Wraps the single paragraph in t, which contains unicode characters. The every line is at most cols characters long.

That ambiwidth parameter is used for the column width of the East Asian Ambiguous (A). If 1, the same width as characters in US-ASCII. This is expected by most users. If 2, twice the width of US-ASCII characters. This is expected by CJK users.

trac.util.text.cleandoc(message)

Removes uniform indentation and leading/trailing whitespace.

trac.util.text.sub_vars(text, args)

Substitute $XYZ-style variables in a string with provided values.

Parameters:
  • text – string containing variables to substitute.
  • args – dictionary with keys matching the variables to be substituted. The keys should not be prefixed with the $ character.

Conversion utilities

trac.util.text.unicode_to_base64(text, strip_newlines=True)

Safe conversion of text to base64 representation using utf-8 bytes.

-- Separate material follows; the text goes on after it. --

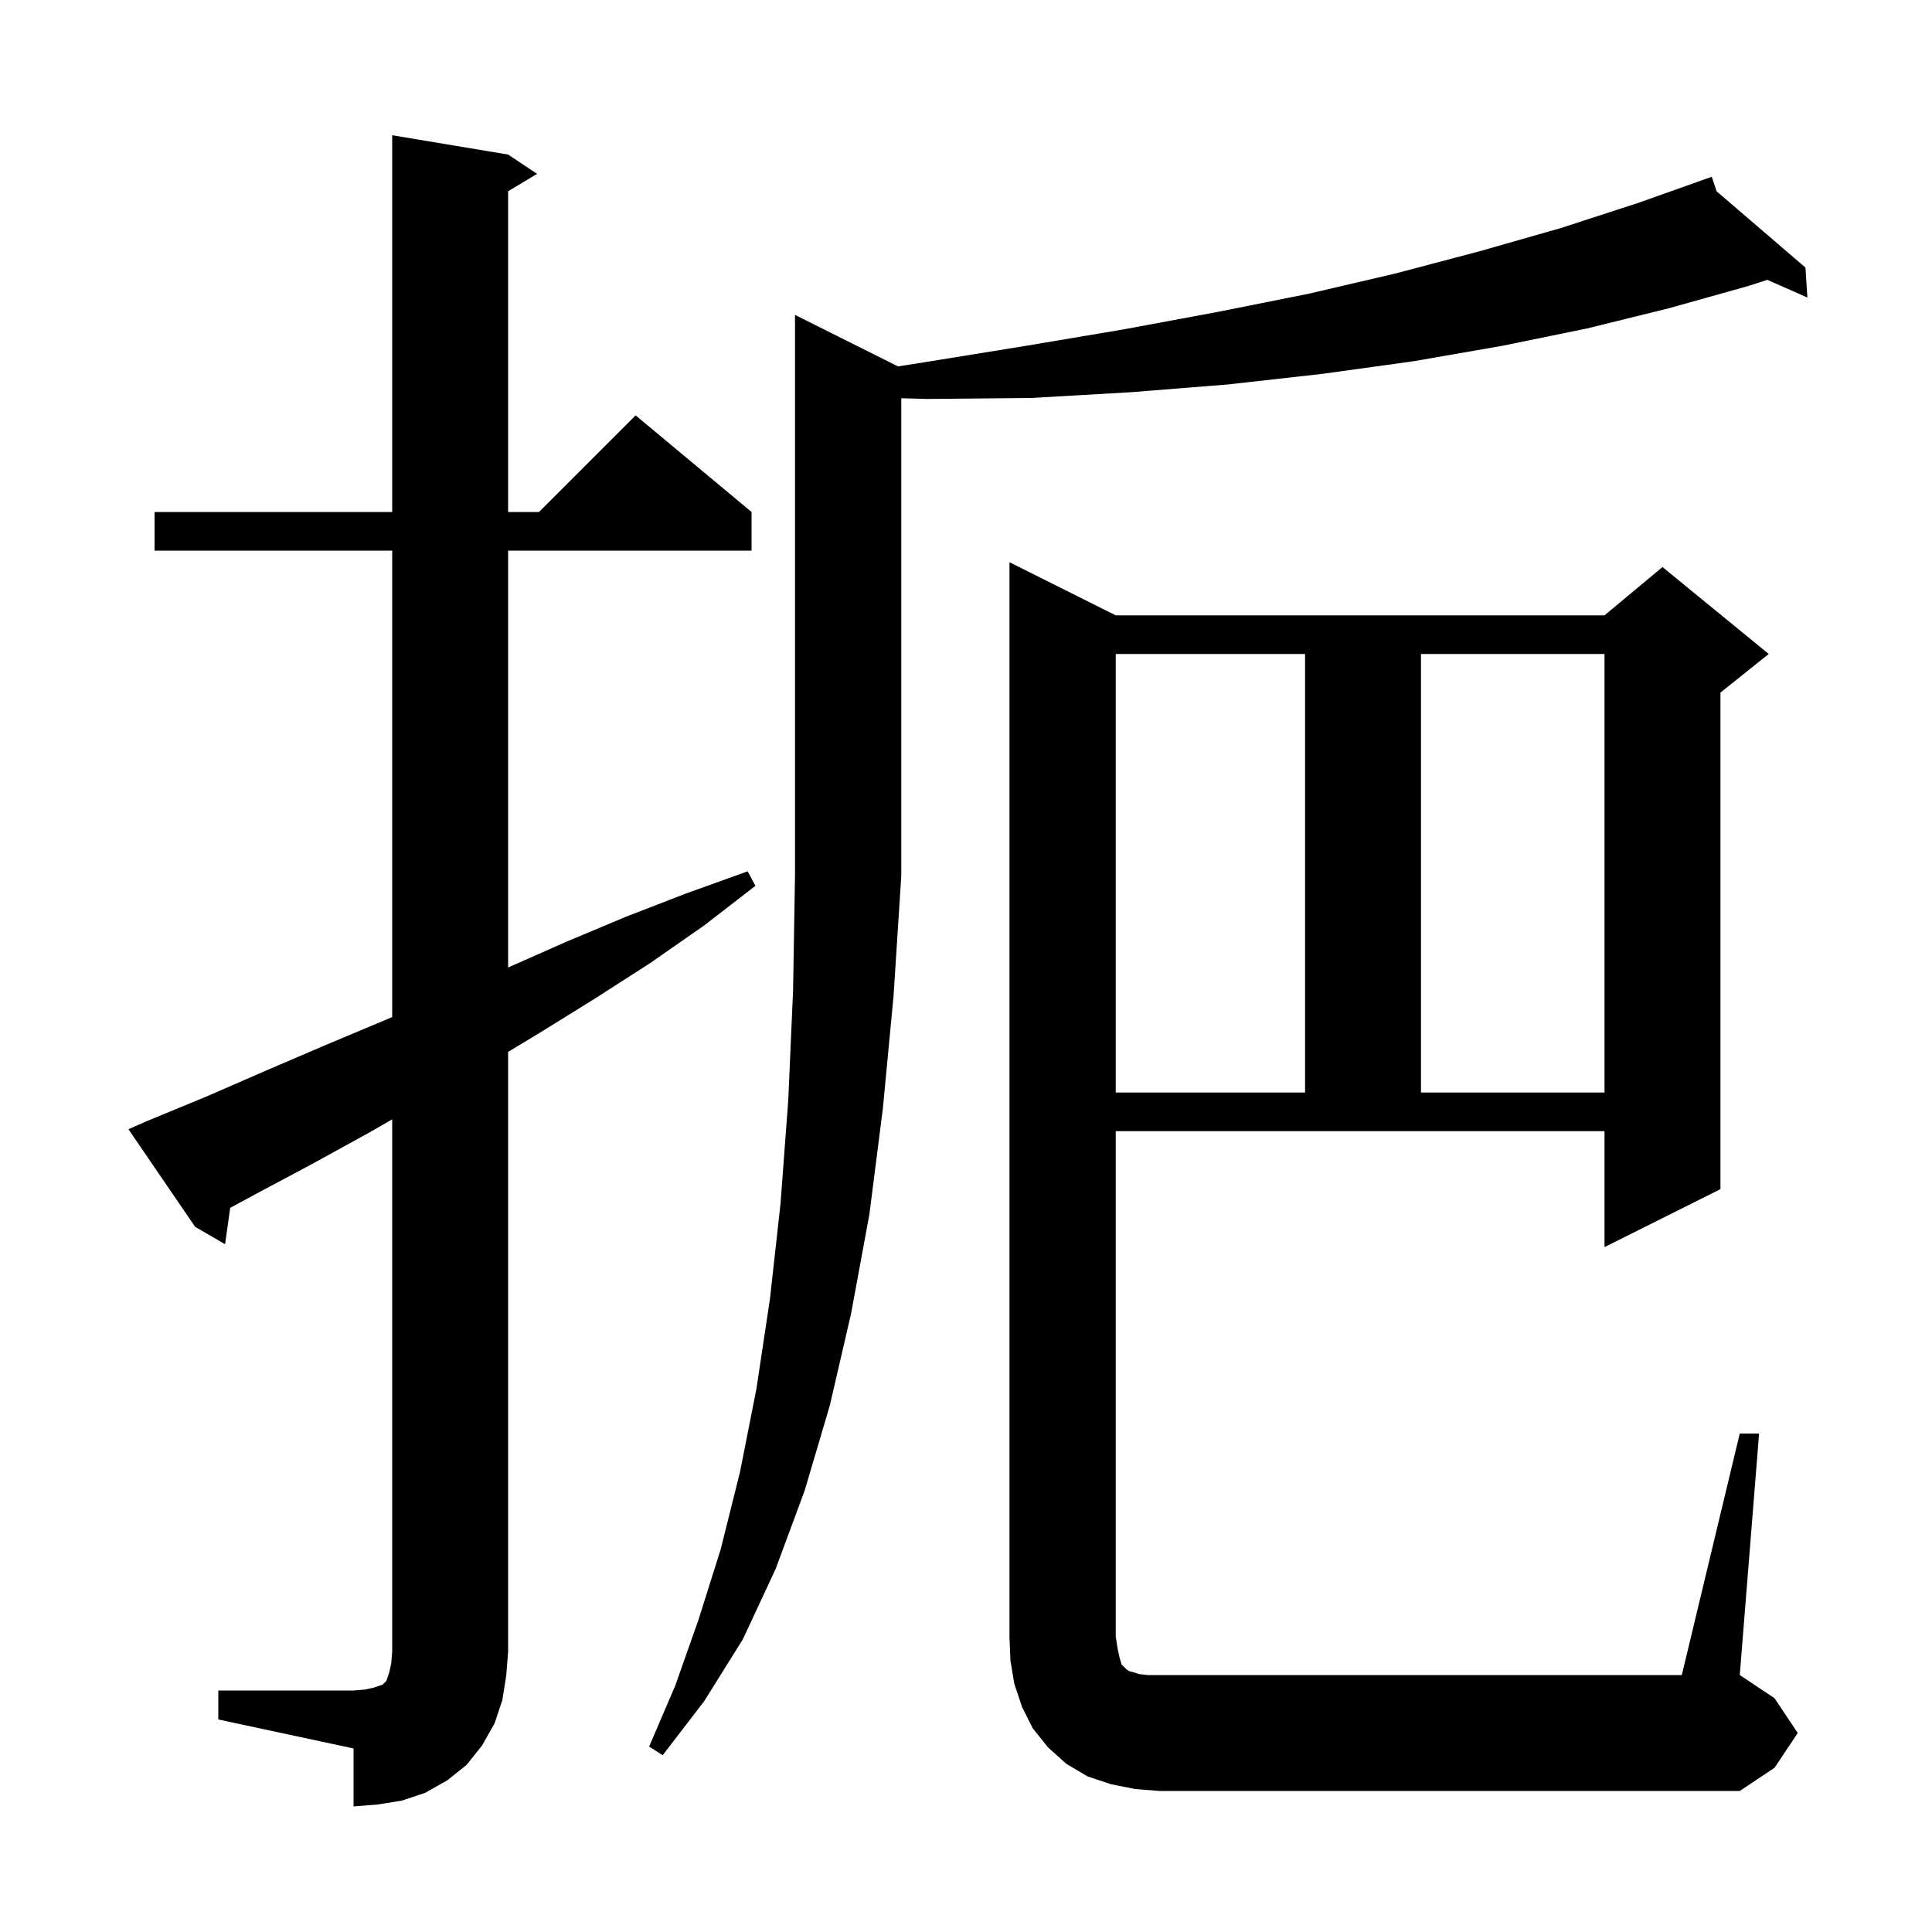 <svg xmlns="http://www.w3.org/2000/svg" xmlns:xlink="http://www.w3.org/1999/xlink" version="1.1" baseProfile="full" viewBox="0 0 200 200" width="200" height="200"><g fill="currentColor"><path d="M 22.6 175.0 L 36.6 175.0 L 37.8 174.9 L 38.7 174.7 L 39.6 174.4 L 40.0 174.0 L 40.3 173.1 L 40.5 172.2 L 40.6 171.0 L 40.6 115.875 L 38.3 117.2 L 32.3 120.5 L 26.3 123.7 L 23.83 125.036 L 23.3 128.8 L 20.2 127.0 L 13.3 116.9 L 15.1 116.1 L 21.4 113.5 L 27.6 110.8 L 33.9 108.1 L 40.1 105.5 L 40.6 105.282 L 40.6 57.0 L 16.0 57.0 L 16.0 53.0 L 40.6 53.0 L 40.6 14.0 L 52.6 16.0 L 55.6 18.0 L 52.6 19.8 L 52.6 53.0 L 55.8 53.0 L 65.8 43.0 L 77.8 53.0 L 77.8 57.0 L 52.6 57.0 L 52.6 100.156 L 58.6 97.5 L 64.8 94.9 L 71.0 92.5 L 77.4 90.2 L 78.2 91.7 L 72.9 95.8 L 67.3 99.7 L 61.7 103.3 L 55.9 106.9 L 52.6 108.891 L 52.6 171.0 L 52.4 173.5 L 52.0 176.0 L 51.2 178.4 L 49.9 180.7 L 48.3 182.7 L 46.3 184.3 L 44.0 185.6 L 41.6 186.4 L 39.1 186.8 L 36.6 187.0 L 36.6 181.0 L 22.6 178.0 Z M 180.1 148.4 L 182.1 148.4 L 180.1 173.4 L 183.7 175.8 L 186.1 179.4 L 183.7 183.0 L 180.1 185.4 L 120.0 185.4 L 117.5 185.2 L 115.0 184.7 L 112.6 183.9 L 110.4 182.6 L 108.5 180.9 L 106.9 178.9 L 105.8 176.7 L 105.0 174.3 L 104.6 171.9 L 104.5 169.4 L 104.5 58.2 L 115.5 63.7 L 166.1 63.7 L 172.1 58.7 L 183.1 67.7 L 178.1 71.7 L 178.1 123.1 L 166.1 129.1 L 166.1 117.1 L 115.5 117.1 L 115.5 169.4 L 115.7 170.7 L 115.9 171.6 L 116.1 172.3 L 116.6 172.8 L 116.9 173.0 L 117.3 173.1 L 117.9 173.3 L 118.8 173.4 L 174.1 173.4 Z M 93.3 90.7 L 92.5 103.1 L 91.4 114.7 L 90.0 125.7 L 88.1 136.0 L 85.9 145.5 L 83.3 154.3 L 80.3 162.4 L 76.9 169.7 L 72.9 176.1 L 68.6 181.7 L 67.2 180.8 L 69.9 174.5 L 72.3 167.7 L 74.6 160.4 L 76.6 152.4 L 78.3 143.8 L 79.7 134.5 L 80.8 124.6 L 81.6 113.9 L 82.1 102.5 L 82.3 90.5 L 82.3 32.6 L 92.962 37.931 L 95.7 37.5 L 106.2 35.8 L 116.3 34.1 L 126.0 32.3 L 135.5 30.4 L 144.5 28.3 L 153.2 26.0 L 161.6 23.6 L 169.6 21.0 L 176.307 18.617 L 176.3 18.6 L 176.316 18.614 L 177.2 18.3 L 177.707 19.808 L 186.9 27.7 L 187.1 30.8 L 182.954 28.971 L 181.0 29.6 L 172.8 31.9 L 164.3 34.0 L 155.5 35.8 L 146.3 37.4 L 136.9 38.7 L 127.1 39.8 L 117.1 40.6 L 106.7 41.2 L 96.0 41.3 L 93.3 41.226 L 93.3 90.6 L 93.234 90.699 Z M 115.5 67.7 L 115.5 113.1 L 135.1 113.1 L 135.1 67.7 Z M 147.1 67.7 L 147.1 113.1 L 166.1 113.1 L 166.1 67.7 Z "/></g></svg>

Strips newlines from output unless strip_newlines is False.

trac.util.text.unicode_from_base64(text)

Safe conversion of text to unicode based on utf-8 bytes.

trac.util.text.to_utf8(text, charset='latin1')

Convert input to a UTF-8 str object.

If the input is not an unicode object, we assume the encoding is already UTF-8, ISO Latin-1, or as specified by the optional charset parameter.